[Author Prev][Author Next][Thread Prev][Thread Next][Author Index][Thread Index]
[or-cvs] r15347: Aha! It is paretto. Should have tried this first. Just didn' (torflow/branches/gsoc2008/tools/BTAnalysis)
Author: mikeperry
Date: 2008-06-18 03:29:15 -0400 (Wed, 18 Jun 2008)
New Revision: 15347
Modified:
torflow/branches/gsoc2008/tools/BTAnalysis/shufflebt.py
Log:
Aha! It is paretto. Should have tried this first. Just didn't
expect latency to match the bandwidth distribution.
Modified: torflow/branches/gsoc2008/tools/BTAnalysis/shufflebt.py
===================================================================
--- torflow/branches/gsoc2008/tools/BTAnalysis/shufflebt.py 2008-06-18 05:35:19 UTC (rev 15346)

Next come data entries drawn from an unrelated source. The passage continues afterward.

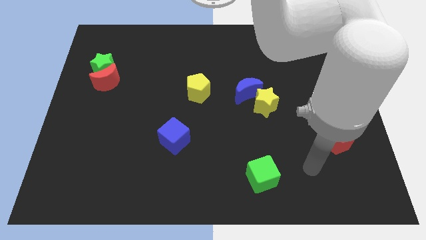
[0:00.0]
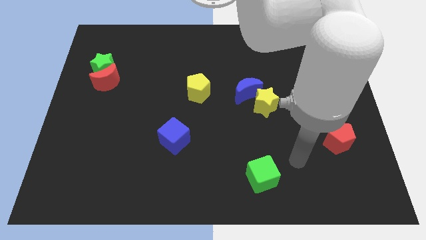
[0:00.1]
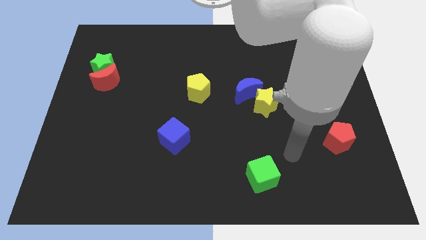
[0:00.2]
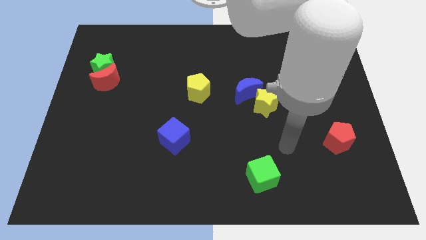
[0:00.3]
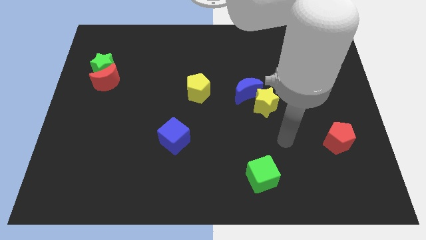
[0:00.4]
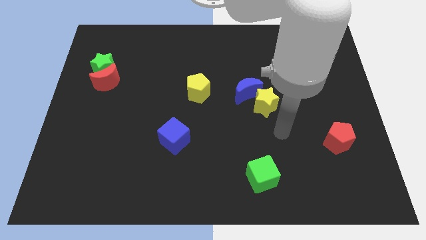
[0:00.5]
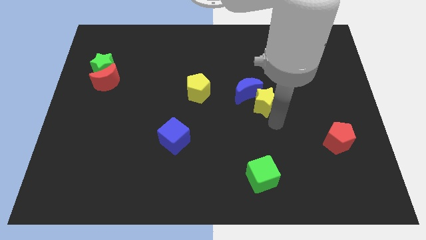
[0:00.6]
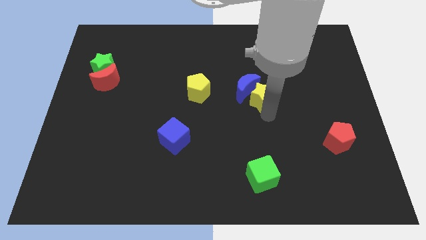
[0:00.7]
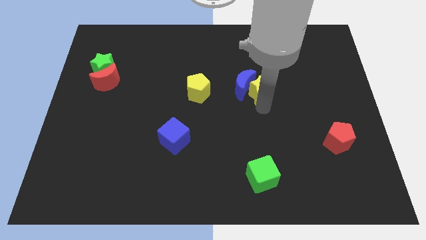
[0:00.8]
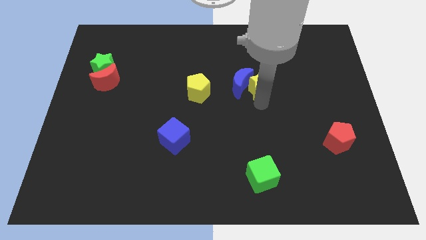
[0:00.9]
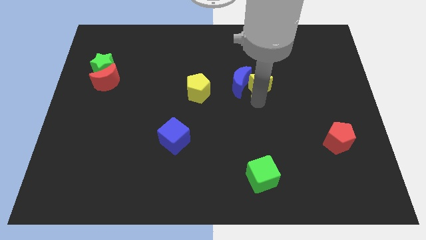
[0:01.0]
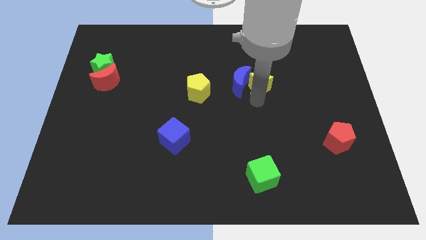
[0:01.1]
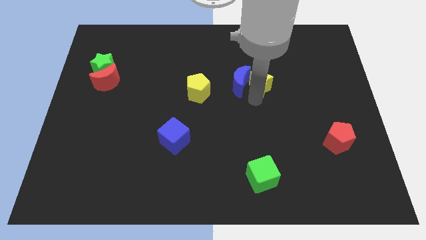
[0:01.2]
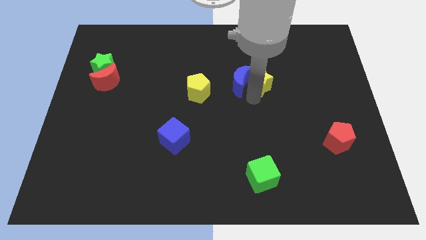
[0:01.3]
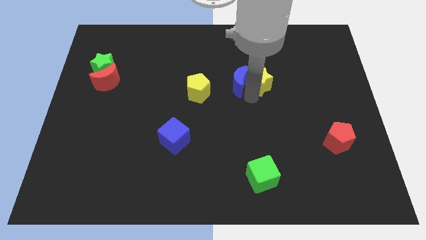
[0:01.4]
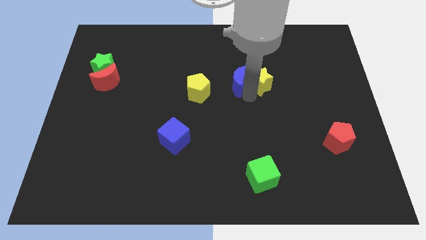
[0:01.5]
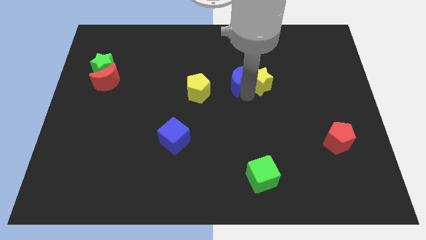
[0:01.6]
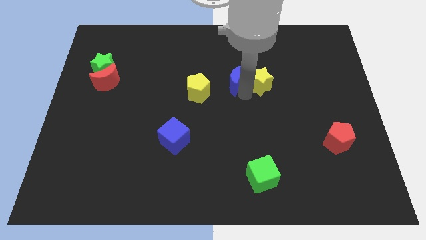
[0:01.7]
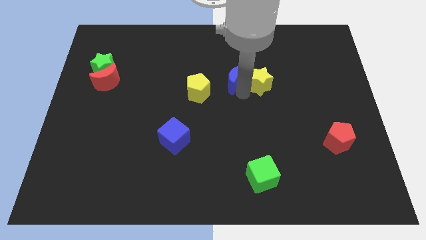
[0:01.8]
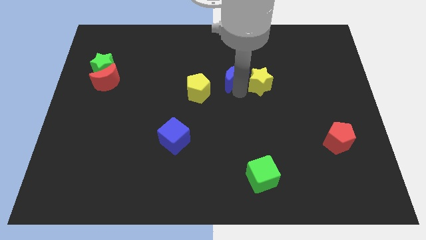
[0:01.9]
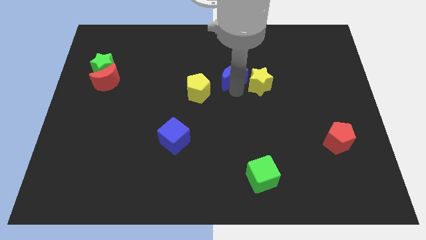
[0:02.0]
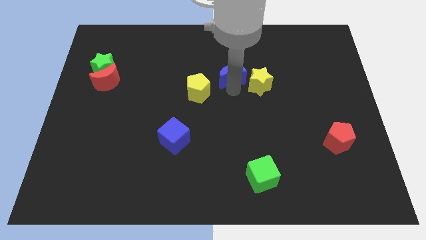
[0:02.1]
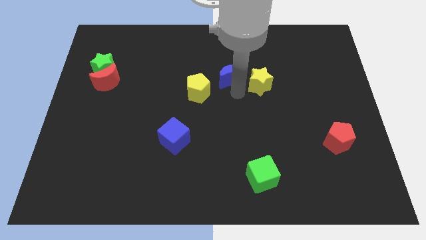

+++ torflow/branches/gsoc2008/tools/BTAnalysis/shufflebt.py 2008-06-18 07:29:15 UTC (rev 15347)
@@ -41,21 +41,17 @@
return values[(len(values) - 1)/2]
else:
return 0.0
- def mode(self):
+
+ def mode(self): # Requires makehistogram runs first
counts = {}
greatest = 0
greatest_val = 0
- for v in self.values:
- if v not in counts.keys():
- counts[v] = 1
- else:
- counts[v] += 1
- if counts[v] > greatest:
+ for v in self.buckets.keys():
+ if self.buckets[v] > greatest:
greatest_val = v
- greatest = counts[v]
+ greatest = self.buckets[v]
return greatest_val
-
def makehistogram(self,res,ncircuits,histname):
res = res /1000.0 # convert ms to s
values = copy.copy(self.values)
@@ -71,19 +67,45 @@
i += 1
count = 0
f = open(histname,'w')
- f.write('#build time <\t#circuits\n')
+ f.write('#build time <\t#circuits\n')
sortedkeys = self.buckets.keys()
sortedkeys.sort()
for b in sortedkeys:
towrite = str(b) + '\t' + str(self.buckets[b]) + '\n'
f.write(towrite)
f.close()
+
+ def paretoK(self, Xm):
+ n = 0
+ log_sum = 0
+ for x in self.values:
+ if x < Xm: continue
+ n += 1
+ log_sum += math.log(x)
+ return n/(log_sum - n*math.log(Xm))
+ # Calculate the mean beyond a mode value
+ def modeMean(self, Xm):
+ n = 0
+ tot = 0
+ for x in self.values:
+ if x < Xm: continue
+ n += 1
+ tot += x
+ return tot/n
+
+ def modeN(self, Xm):
+ n = 0
+ for x in self.values:
+ if x < Xm: continue
+ n += 1
+ return n
+
def maxlikelihood(self,k):
# theta estimator for gamma PDF
# maxlikelihood estimator
# theta = sum(values) / N*k
- return sum(self.values * 10)/(k * len(self.values))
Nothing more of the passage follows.